(dissenting).
The net effect of our decision is that the remedial measures which the Commission may order to stop the deception of the public here found are limited to additional explanatory matter concerning petitioner’s use of the well-known Red Cross emblem, and cannot reach that use itself. Had the Commission found such remedy adequate and ordered it, I should have viewed the result with equanimity as a presumptively fair adjustment of public and private rights. But having in mind our quite limited control over the Commission’s decisions as to the appropriate remedies to be ordered against deceptive practices, I think we are bound to recognize the obvious fact that it is the Greek Red Cross which to the public symbolizes the Society itself; and mere explanatory material, however carefully framed, will be no more effective in the future than it has been in the past. In the nature of things, our decision must be one not of discretion, but of law; and as such it suggests potentially grave limitations, by the process of implied exception, upon the far-reaching Federal Trade Commission Act of 1938, 15 U.S.C.A. § 41 et seq.

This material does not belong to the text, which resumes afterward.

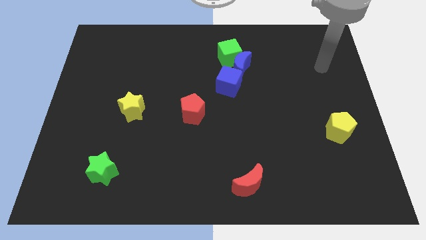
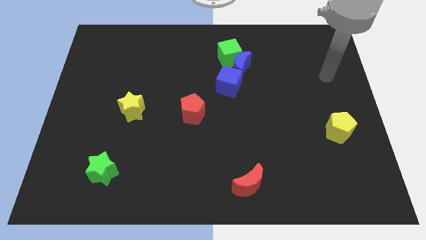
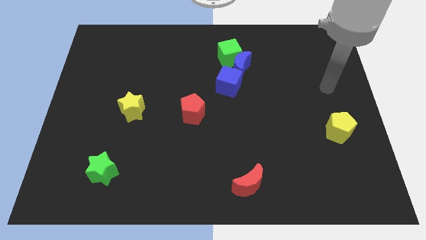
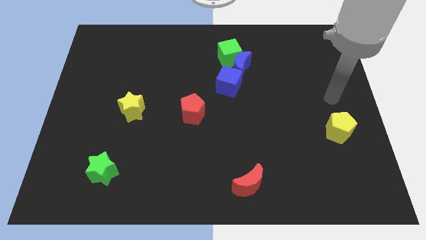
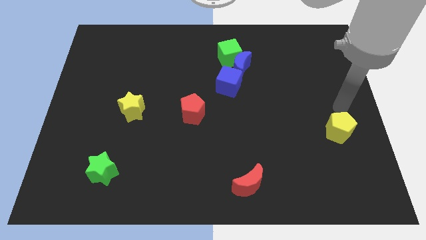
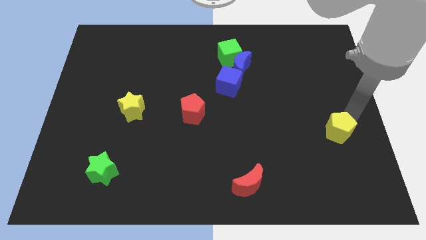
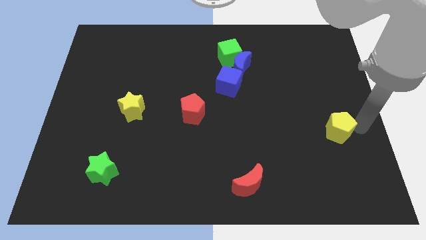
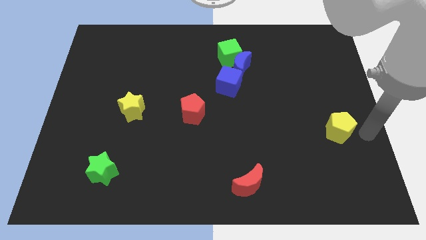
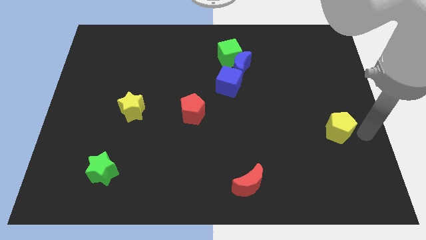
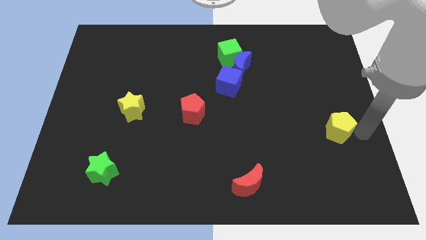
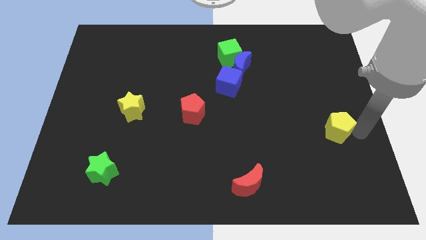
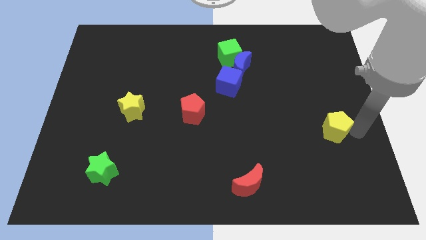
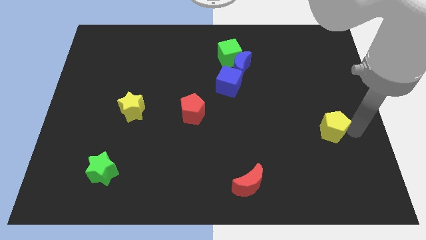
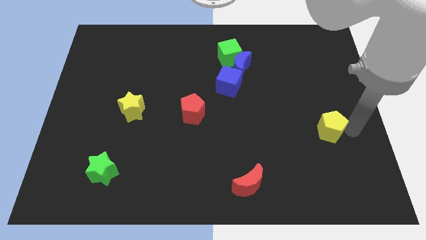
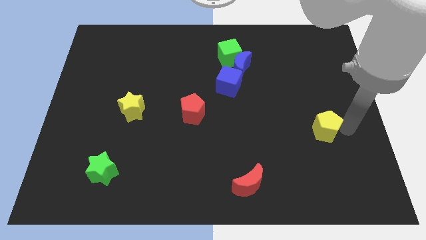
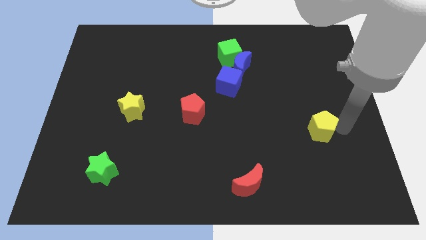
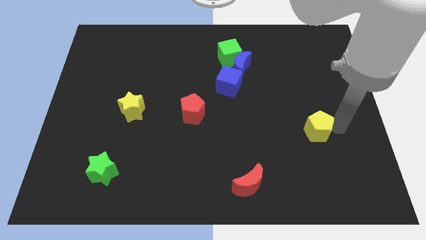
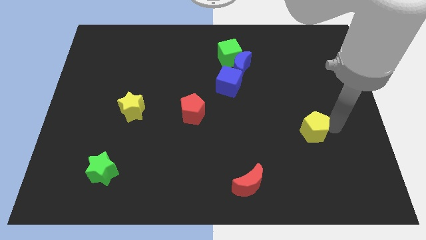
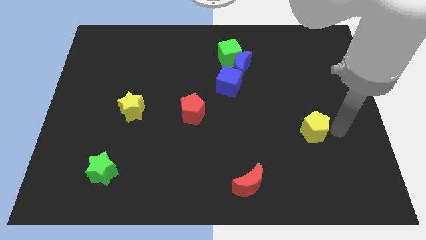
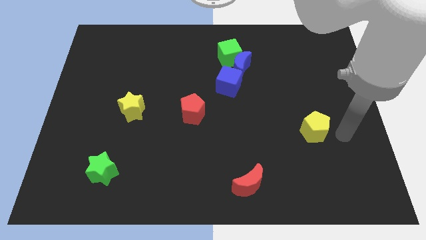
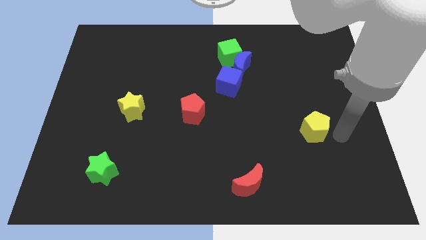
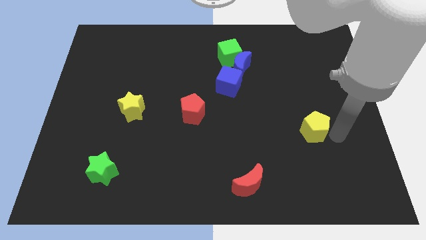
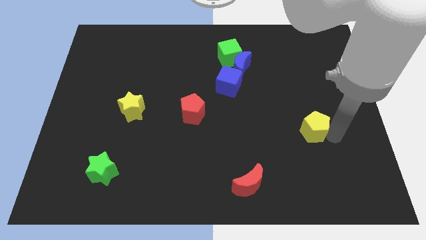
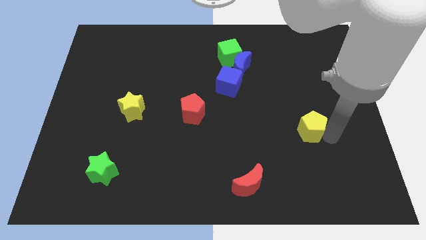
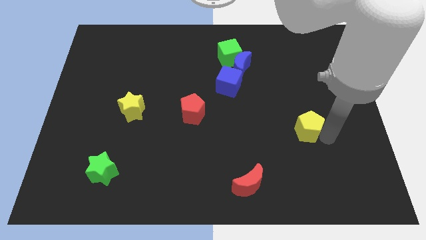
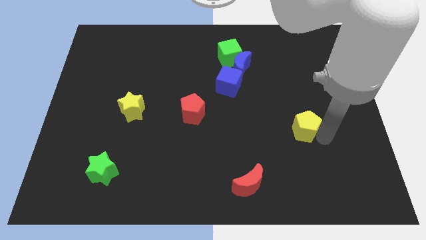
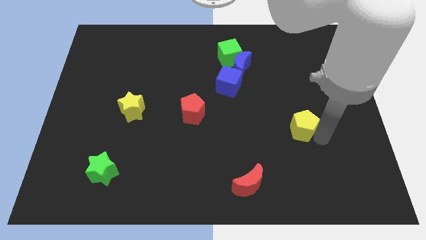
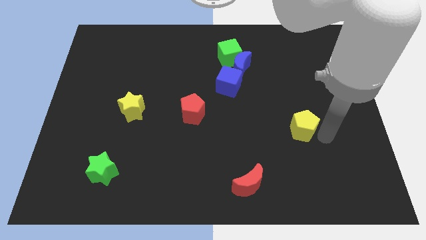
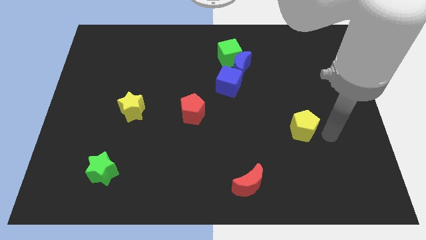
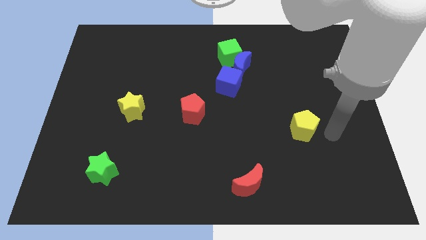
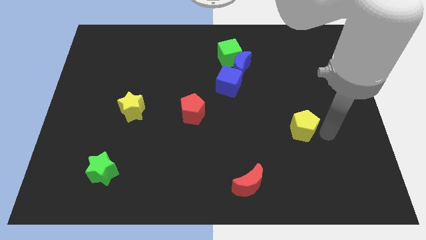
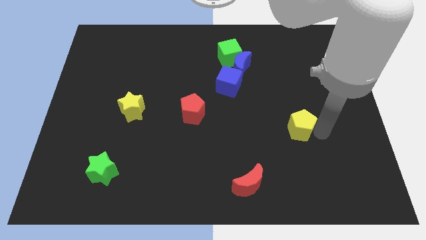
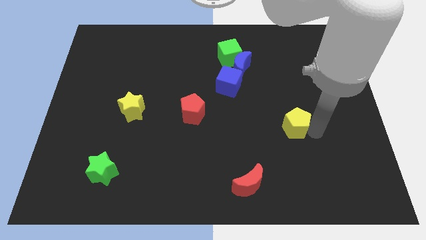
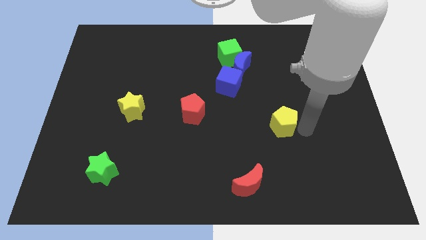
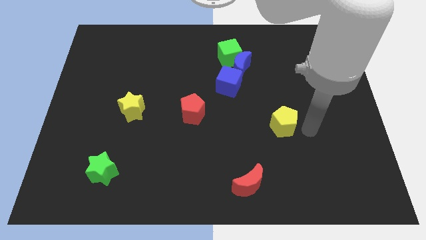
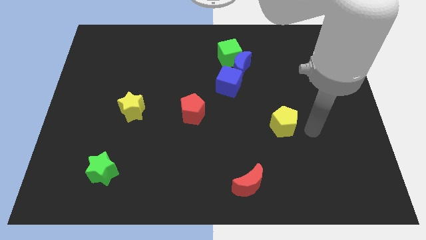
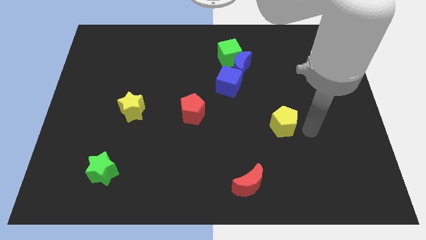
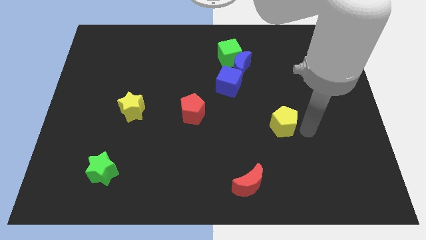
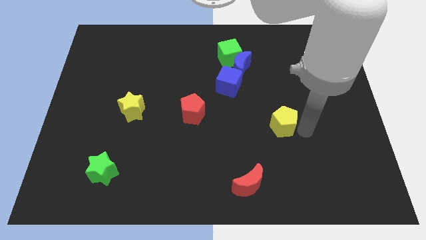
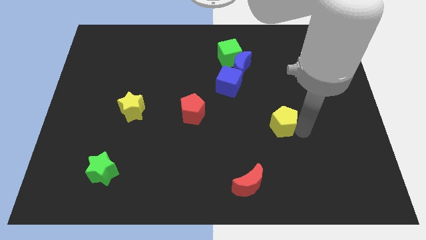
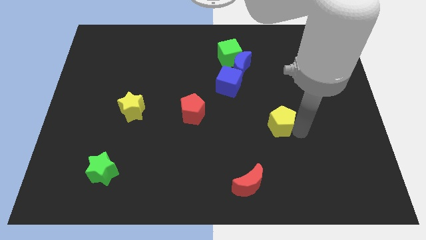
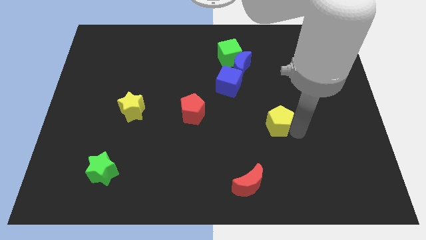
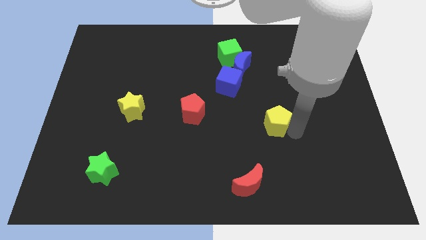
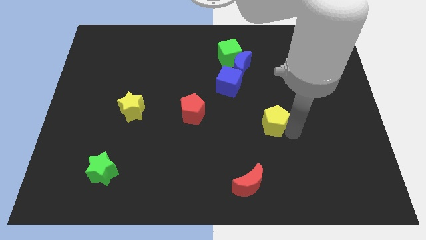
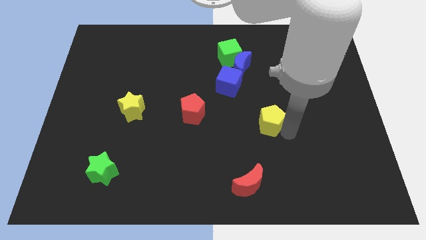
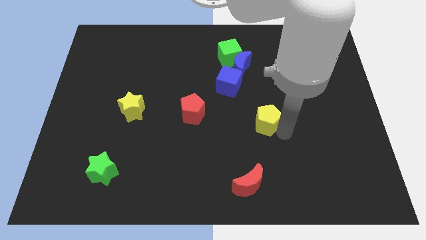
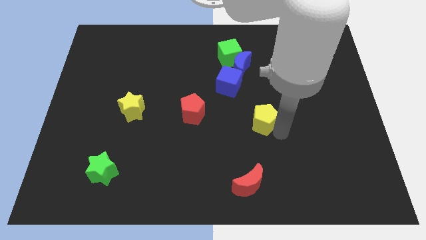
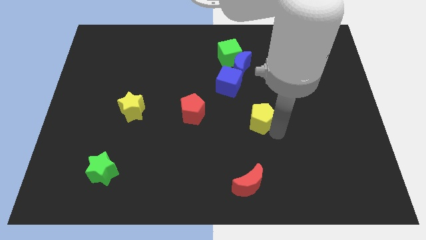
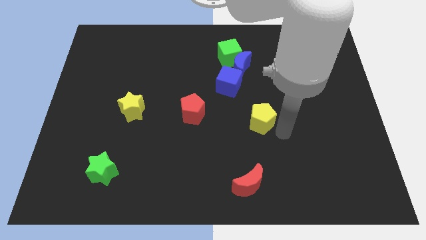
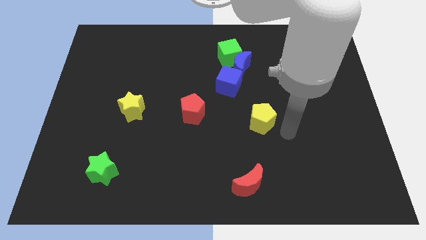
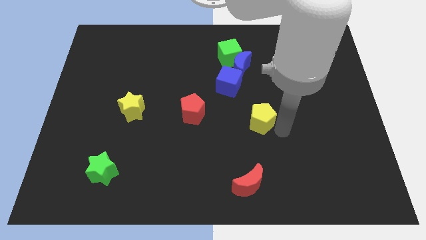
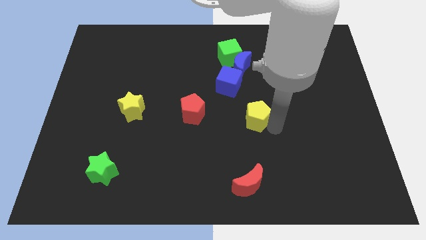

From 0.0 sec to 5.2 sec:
move the yellow pentagon to the right of the red pentagon

As is well known, it had long been considered a defect of the original Federal Trade Commission Act that it reached only unfair competition or unfair competitive trade practices, and notj more directly, deception of the consuming public. Hence the 1938 amendments which also made unlawful “unfair or deceptive acts or practices in commerce,” 15 U.S.C.A. § 45(a), were an important enlargement of the Commission’s jurisdiction. Cf. Fresh Grown Preserve Corporation v. Federal Trade Commission, 2 Cir., 125 F.2d 917, 919. That amendatory Act contains its own exceptions, and thus under well-known rules makes less possible the implication of other exceptions not stated. Bondurant v. Watson, 103 U.S. 281, 288, 26 L.Ed 447; Amy v. City of Watertown, 130 U.S. 320, 323, 324, 9 S.Ct. 537, 32 L.Ed. 953; Brown v. Duchesne, 19 How. 183, 60 U.S. 183, 195, 198, 15 L.Ed. 595. The opinion, I think, inverts the problem when it overlooks this rule to say that there is no repeal by implication of the Red Cross Act of 1910 by the 1938 Act. Since they subserve quite different ends, and do not overlap, there is no question of implied repeal. The 1905 Act and its amendment of 1910 were grants of charter to the American National Red Cross, coupled with penal provisions and a limited exception therefrom to protect its official name; compare the significant direction that fines collected for violation of the statute should be paid to the Society. Certainly this shows no legislative intent to legalize deception of the public, which was not then a matter of federal administrative concern. Of course, the later bills designed to limit and eventually to end the limited exception from prosecution contained in the 1910 Act naturally would have less scope than the original Act, and the legislative discussions and committee reports show nothing else. I think the opinion confuses two separate problems, viz., “legal uses of the symbol” as against the Society and the United States permitted by the special legislation of 1910 with deception of the consuming public prohibited by the broad regulatory Act of 1938. Hence I think we lack power to set aside the remedy here chosen by the Commission.